■ Task instructions: Print the data once more, exactly as given. Drop the pictures.

*** Opening Supplied information ***

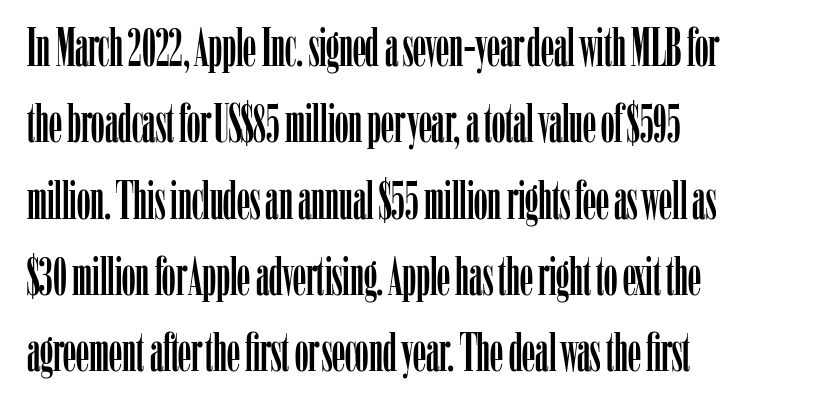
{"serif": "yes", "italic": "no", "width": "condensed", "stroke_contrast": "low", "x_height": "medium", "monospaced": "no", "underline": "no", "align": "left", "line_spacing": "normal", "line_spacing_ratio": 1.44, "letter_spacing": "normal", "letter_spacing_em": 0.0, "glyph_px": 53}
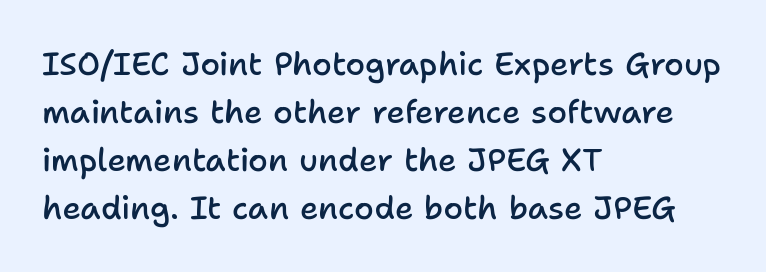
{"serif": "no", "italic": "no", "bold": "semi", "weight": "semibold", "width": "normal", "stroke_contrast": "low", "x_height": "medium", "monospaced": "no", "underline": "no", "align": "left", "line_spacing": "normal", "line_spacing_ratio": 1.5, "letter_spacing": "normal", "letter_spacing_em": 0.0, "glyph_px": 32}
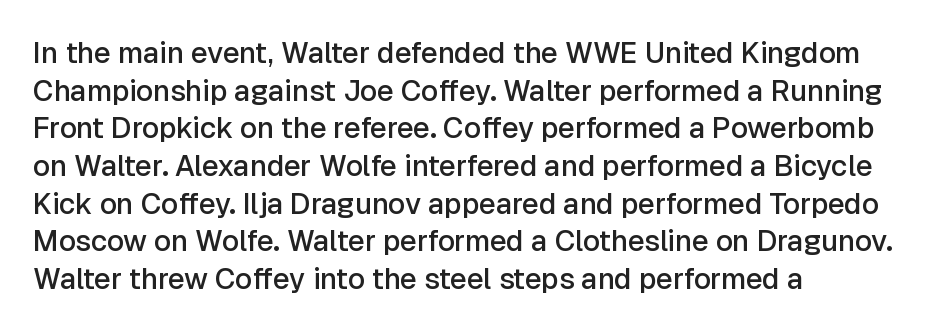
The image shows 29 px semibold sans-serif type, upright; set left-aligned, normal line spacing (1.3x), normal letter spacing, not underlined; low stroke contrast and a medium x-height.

*** Closing Supplied information ***

■ Response box:
{"serif": "yes", "italic": "no", "width": "condensed", "stroke_contrast": "low", "x_height": "medium", "monospaced": "no", "underline": "no", "align": "left", "line_spacing": "normal", "line_spacing_ratio": 1.44, "letter_spacing": "normal", "letter_spacing_em": 0.0, "glyph_px": 53}
{"serif": "no", "italic": "no", "bold": "semi", "weight": "semibold", "width": "normal", "stroke_contrast": "low", "x_height": "medium", "monospaced": "no", "underline": "no", "align": "left", "line_spacing": "normal", "line_spacing_ratio": 1.5, "letter_spacing": "normal", "letter_spacing_em": 0.0, "glyph_px": 32}
The image shows 29 px semibold sans-serif type, upright; set left-aligned, normal line spacing (1.3x), normal letter spacing, not underlined; low stroke contrast and a medium x-height.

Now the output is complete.